* _Your objective_: Find the number of lines below in which the word "weight" occurs. Write only that number.

* _Provided records_:
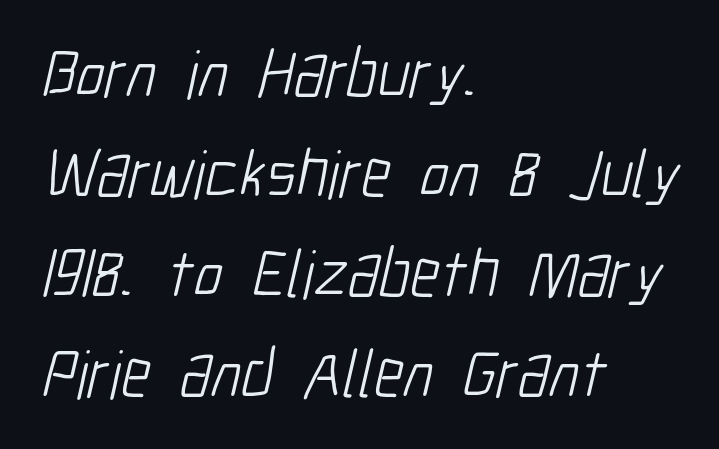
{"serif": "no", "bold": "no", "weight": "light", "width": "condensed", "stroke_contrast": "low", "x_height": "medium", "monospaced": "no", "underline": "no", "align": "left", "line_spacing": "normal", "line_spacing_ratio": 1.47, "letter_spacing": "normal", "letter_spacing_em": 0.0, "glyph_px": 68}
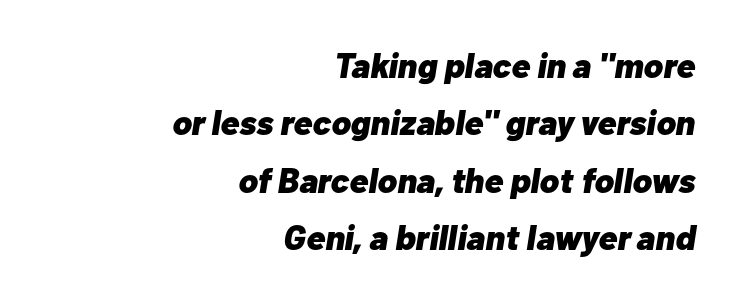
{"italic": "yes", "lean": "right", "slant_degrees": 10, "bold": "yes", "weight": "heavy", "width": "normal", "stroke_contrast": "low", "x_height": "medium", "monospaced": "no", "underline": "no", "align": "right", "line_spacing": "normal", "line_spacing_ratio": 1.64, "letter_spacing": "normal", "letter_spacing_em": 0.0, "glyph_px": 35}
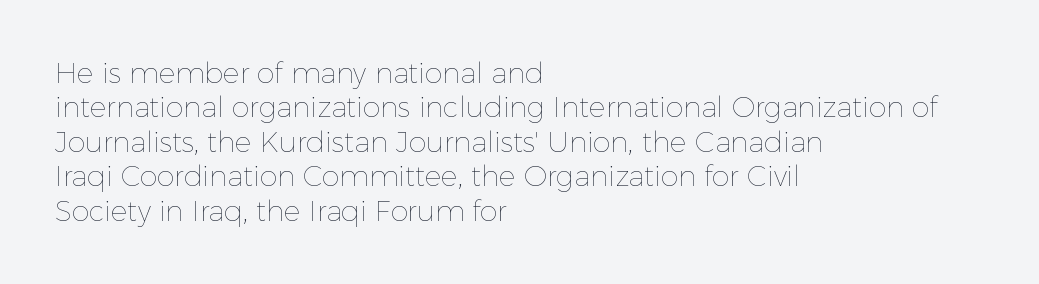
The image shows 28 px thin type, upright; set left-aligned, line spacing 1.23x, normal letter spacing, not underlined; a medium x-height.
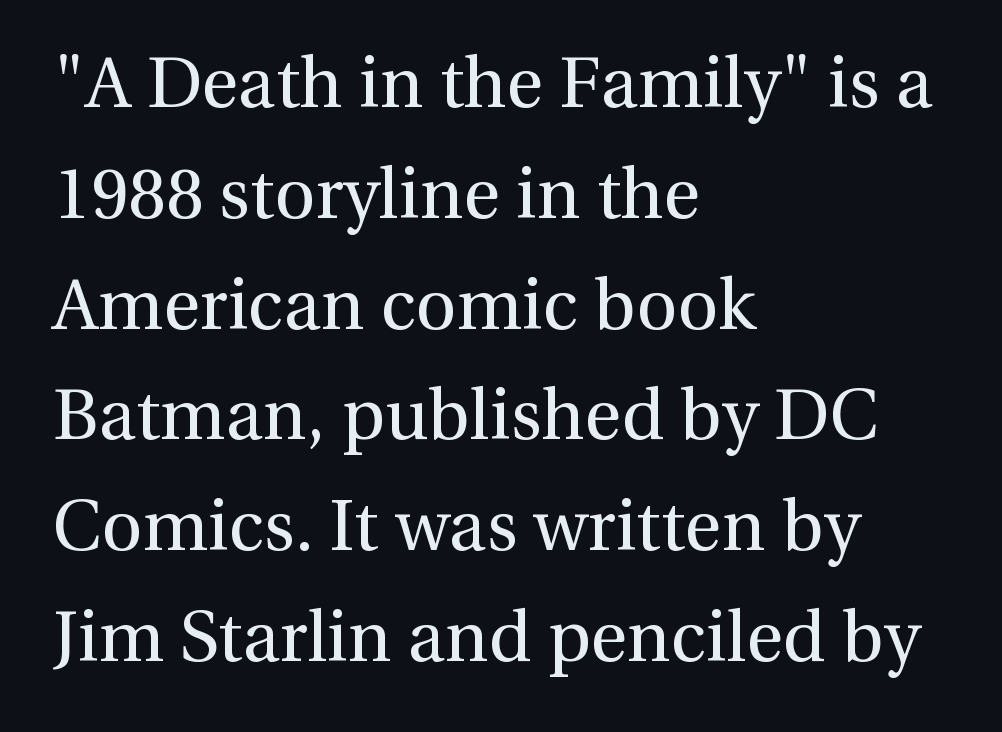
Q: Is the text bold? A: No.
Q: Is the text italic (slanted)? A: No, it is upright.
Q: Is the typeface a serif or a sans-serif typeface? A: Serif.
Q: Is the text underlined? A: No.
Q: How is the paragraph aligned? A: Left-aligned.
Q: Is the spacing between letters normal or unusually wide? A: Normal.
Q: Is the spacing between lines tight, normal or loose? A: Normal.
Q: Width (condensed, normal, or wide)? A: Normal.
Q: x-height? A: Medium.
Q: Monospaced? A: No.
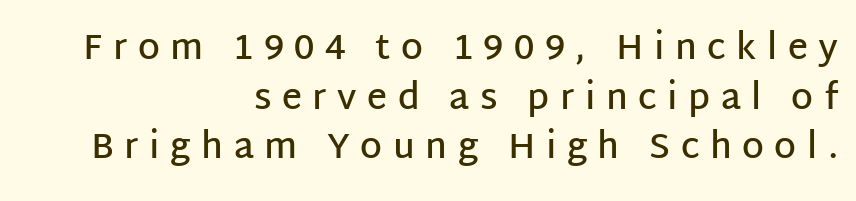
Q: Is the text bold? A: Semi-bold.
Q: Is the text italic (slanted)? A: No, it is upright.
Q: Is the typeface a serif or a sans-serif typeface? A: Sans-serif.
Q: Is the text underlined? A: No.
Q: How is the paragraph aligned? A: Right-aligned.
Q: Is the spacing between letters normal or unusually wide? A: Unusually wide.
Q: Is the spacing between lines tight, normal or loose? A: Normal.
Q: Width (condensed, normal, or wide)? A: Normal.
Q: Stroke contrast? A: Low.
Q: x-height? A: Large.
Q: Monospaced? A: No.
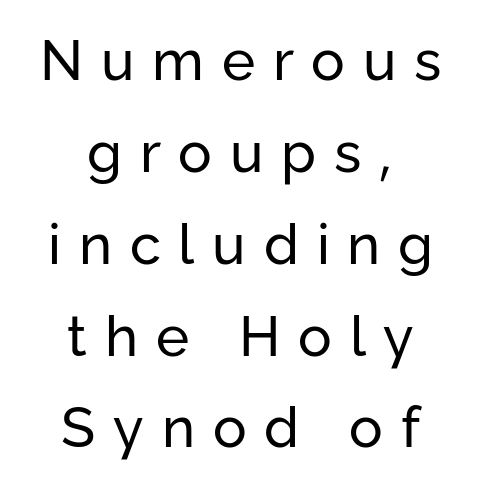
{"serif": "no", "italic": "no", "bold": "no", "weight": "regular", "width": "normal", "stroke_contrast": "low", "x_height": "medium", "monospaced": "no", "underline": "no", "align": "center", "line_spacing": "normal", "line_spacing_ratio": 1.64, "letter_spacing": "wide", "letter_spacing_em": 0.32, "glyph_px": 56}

* _Output below_: 3